------ Input data ------

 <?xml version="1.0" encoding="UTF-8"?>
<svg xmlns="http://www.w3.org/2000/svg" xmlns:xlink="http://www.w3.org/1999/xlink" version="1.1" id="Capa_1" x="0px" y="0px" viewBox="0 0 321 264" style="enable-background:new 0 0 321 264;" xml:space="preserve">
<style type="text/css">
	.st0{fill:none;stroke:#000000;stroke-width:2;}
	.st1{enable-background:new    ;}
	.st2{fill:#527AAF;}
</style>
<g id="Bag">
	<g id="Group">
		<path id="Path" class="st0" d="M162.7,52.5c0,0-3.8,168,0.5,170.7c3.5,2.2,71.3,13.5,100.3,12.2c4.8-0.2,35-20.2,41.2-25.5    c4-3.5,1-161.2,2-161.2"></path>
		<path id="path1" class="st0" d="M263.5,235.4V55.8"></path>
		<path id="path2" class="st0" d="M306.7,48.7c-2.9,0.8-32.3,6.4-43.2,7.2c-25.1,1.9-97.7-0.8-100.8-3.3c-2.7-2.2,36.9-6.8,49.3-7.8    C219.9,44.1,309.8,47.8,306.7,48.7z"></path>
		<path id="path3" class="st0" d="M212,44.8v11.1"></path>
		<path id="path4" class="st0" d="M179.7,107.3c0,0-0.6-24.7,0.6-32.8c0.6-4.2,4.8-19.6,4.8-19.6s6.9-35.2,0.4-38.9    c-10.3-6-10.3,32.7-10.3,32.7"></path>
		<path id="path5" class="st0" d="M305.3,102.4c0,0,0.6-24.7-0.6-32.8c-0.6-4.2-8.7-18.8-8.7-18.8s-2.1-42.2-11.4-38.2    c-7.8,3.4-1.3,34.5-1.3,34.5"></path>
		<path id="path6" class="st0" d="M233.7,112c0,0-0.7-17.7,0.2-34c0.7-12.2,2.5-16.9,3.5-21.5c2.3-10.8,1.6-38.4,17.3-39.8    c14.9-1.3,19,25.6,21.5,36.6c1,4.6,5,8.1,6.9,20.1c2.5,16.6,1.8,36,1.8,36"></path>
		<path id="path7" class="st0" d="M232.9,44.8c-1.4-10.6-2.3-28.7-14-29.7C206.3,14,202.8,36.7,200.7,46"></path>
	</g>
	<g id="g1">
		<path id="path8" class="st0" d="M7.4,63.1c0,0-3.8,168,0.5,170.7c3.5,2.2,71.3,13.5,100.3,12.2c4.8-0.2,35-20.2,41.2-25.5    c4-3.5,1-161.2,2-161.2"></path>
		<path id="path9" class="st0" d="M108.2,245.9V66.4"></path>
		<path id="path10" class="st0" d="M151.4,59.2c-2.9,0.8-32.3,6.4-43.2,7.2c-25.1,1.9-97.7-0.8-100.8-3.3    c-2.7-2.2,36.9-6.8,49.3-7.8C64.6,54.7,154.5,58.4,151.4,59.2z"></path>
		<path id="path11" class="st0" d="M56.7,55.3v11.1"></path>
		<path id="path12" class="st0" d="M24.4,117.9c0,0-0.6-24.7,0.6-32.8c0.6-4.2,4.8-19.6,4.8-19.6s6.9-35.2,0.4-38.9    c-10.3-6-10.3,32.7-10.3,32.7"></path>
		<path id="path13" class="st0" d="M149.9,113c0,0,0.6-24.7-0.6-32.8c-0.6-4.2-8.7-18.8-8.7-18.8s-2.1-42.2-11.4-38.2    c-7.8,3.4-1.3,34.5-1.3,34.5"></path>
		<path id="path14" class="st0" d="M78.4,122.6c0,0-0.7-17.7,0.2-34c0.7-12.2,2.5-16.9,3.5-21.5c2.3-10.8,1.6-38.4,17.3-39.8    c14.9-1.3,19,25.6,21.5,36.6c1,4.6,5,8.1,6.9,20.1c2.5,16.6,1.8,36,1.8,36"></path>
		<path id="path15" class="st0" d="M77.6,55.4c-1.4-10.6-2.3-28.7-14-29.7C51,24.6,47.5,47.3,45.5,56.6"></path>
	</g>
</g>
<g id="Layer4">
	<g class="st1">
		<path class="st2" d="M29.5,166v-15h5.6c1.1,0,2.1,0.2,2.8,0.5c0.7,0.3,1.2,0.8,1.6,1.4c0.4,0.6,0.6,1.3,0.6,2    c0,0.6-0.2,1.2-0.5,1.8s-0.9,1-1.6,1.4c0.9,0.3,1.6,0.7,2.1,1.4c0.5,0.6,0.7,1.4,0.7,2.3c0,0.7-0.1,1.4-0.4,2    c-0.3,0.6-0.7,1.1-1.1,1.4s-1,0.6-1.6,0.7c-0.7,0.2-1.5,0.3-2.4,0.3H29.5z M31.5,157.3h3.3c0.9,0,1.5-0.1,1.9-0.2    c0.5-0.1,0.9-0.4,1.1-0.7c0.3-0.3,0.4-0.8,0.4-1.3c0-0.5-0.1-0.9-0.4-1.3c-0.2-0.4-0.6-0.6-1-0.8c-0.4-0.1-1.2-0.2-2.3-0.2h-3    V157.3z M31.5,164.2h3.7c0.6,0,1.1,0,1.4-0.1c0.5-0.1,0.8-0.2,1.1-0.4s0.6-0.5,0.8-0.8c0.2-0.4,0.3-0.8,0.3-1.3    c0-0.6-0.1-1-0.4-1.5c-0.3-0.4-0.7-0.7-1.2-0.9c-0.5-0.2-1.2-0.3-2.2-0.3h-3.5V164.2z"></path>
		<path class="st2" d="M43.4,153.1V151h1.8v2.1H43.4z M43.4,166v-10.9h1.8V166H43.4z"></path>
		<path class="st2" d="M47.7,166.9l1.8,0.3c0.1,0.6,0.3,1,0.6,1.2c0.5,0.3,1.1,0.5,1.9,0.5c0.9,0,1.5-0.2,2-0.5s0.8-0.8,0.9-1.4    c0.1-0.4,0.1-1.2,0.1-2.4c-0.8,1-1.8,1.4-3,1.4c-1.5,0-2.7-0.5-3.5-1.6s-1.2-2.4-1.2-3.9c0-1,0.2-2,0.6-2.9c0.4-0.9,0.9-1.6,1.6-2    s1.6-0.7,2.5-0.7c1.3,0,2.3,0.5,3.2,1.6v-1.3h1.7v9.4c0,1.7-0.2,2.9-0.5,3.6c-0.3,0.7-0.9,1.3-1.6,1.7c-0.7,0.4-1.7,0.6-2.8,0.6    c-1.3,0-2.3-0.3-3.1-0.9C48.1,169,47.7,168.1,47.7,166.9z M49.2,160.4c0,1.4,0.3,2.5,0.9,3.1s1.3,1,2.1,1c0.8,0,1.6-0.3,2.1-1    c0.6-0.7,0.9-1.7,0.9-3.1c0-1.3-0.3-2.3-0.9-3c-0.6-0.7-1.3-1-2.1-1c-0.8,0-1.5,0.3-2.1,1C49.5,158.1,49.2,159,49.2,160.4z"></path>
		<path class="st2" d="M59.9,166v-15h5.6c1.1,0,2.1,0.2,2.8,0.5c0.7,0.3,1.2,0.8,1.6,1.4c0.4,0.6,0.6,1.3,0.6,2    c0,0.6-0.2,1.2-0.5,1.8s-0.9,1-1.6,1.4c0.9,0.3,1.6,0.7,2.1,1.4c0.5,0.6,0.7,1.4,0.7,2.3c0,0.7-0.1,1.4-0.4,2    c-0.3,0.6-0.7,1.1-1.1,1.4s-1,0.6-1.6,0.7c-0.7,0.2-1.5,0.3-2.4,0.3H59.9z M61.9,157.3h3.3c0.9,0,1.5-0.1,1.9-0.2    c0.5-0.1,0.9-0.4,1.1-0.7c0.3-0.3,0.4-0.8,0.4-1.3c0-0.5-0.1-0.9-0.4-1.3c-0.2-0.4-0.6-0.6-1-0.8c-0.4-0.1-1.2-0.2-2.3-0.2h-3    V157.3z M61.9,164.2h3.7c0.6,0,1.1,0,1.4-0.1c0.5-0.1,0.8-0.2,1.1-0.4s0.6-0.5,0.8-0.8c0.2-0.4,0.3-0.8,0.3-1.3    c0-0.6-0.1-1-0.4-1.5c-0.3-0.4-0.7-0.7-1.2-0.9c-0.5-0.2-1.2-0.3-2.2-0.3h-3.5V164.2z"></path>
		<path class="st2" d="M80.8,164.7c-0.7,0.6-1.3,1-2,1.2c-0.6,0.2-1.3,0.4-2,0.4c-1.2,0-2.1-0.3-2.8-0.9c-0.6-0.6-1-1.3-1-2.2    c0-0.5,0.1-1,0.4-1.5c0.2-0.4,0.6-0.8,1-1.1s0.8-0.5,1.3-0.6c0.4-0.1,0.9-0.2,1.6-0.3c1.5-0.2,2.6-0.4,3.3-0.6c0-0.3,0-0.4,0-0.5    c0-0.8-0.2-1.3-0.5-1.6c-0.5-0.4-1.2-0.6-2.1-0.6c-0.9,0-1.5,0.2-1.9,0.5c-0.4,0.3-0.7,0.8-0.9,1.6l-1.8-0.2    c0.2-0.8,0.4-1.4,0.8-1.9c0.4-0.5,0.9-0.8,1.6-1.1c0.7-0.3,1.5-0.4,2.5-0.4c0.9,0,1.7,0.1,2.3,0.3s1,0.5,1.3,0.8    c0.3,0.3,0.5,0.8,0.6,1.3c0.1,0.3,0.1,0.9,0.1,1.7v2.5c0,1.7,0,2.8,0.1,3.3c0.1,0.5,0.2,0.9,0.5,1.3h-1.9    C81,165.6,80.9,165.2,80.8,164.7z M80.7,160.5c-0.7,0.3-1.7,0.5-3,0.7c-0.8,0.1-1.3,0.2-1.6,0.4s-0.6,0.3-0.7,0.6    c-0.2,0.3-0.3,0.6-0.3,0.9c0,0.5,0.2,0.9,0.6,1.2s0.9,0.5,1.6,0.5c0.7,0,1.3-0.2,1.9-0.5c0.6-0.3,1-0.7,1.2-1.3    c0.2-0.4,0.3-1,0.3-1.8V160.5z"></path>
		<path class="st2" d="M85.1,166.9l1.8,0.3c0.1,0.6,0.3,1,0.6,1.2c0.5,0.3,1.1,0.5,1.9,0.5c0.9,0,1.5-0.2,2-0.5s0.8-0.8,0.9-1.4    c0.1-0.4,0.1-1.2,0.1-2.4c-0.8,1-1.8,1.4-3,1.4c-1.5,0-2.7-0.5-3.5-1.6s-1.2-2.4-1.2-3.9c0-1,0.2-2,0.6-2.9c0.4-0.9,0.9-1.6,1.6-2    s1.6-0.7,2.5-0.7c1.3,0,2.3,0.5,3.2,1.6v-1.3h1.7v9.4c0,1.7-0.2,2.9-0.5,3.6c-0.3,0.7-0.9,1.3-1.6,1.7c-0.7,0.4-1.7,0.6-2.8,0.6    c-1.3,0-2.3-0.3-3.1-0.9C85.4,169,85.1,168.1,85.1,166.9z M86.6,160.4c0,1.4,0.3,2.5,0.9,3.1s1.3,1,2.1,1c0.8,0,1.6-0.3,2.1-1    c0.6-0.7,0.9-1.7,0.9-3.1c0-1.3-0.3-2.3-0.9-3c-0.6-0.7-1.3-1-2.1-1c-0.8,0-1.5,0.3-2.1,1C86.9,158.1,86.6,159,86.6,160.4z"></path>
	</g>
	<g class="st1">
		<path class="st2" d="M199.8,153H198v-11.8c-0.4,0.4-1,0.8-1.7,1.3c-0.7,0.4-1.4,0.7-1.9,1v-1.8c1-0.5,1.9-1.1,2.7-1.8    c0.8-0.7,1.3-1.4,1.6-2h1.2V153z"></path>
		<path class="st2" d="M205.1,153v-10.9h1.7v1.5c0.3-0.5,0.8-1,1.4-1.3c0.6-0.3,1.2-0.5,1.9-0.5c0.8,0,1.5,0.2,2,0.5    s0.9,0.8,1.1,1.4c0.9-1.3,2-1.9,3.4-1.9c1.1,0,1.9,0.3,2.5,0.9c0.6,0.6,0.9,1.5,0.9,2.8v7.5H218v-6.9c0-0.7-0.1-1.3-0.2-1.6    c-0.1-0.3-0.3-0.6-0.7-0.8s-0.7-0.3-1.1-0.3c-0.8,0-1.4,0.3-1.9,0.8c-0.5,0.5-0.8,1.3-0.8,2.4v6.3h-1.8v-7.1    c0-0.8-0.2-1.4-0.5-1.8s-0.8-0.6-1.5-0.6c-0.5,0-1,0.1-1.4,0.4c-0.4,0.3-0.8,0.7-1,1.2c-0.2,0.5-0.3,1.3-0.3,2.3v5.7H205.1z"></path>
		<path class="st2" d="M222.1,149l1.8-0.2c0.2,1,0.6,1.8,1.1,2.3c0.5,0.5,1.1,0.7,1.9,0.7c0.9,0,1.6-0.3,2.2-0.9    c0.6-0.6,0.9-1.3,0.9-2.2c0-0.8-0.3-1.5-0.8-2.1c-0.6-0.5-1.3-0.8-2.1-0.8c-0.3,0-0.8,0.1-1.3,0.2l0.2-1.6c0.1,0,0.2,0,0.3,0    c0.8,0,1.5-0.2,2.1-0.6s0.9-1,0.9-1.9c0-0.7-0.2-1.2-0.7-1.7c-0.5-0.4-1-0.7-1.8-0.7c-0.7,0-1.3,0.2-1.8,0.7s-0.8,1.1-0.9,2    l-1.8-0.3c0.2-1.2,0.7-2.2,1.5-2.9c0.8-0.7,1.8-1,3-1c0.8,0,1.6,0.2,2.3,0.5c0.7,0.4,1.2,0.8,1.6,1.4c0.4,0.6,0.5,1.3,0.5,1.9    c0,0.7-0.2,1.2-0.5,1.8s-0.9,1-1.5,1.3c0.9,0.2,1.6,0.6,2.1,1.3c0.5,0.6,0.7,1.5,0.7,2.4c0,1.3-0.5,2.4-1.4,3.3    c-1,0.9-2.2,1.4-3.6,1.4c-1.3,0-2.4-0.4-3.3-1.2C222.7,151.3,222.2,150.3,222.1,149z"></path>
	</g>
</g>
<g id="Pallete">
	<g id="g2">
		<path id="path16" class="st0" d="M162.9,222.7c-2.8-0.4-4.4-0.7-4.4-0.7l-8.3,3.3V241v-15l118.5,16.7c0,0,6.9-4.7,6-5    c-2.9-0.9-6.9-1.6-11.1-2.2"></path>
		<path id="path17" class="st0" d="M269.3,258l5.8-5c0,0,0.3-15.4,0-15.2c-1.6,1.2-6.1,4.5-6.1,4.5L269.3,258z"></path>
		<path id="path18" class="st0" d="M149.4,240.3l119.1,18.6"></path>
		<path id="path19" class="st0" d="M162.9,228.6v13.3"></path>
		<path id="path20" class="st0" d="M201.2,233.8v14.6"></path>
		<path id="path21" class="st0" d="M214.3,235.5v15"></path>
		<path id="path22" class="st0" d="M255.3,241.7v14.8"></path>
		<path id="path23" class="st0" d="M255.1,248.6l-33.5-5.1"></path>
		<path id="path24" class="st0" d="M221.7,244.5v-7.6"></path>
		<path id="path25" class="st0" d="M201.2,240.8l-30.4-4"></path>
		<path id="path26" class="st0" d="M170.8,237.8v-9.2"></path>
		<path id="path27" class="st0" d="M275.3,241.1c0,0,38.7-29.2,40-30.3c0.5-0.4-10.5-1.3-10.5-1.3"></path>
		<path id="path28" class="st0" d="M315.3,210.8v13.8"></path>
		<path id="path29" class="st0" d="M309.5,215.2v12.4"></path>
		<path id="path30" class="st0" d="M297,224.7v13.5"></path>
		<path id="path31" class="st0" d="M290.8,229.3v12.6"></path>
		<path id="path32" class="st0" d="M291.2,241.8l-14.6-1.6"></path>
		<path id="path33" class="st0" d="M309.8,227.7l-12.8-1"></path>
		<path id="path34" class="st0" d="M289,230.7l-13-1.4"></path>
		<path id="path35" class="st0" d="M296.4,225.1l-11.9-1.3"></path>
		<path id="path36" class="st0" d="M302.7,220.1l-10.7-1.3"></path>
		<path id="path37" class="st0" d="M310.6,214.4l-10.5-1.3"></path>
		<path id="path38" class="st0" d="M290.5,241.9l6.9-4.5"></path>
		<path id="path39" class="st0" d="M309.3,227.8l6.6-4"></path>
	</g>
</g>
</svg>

------

Work order: The lines holding the word "version" are the answer. Pull them out of the records and copy them.

Output of the task:
 <?xml version="1.0" encoding="UTF-8"?>
<svg xmlns="http://www.w3.org/2000/svg" xmlns:xlink="http://www.w3.org/1999/xlink" version="1.1" id="Capa_1" x="0px" y="0px" viewBox="0 0 321 264" style="enable-background:new 0 0 321 264;" xml:space="preserve">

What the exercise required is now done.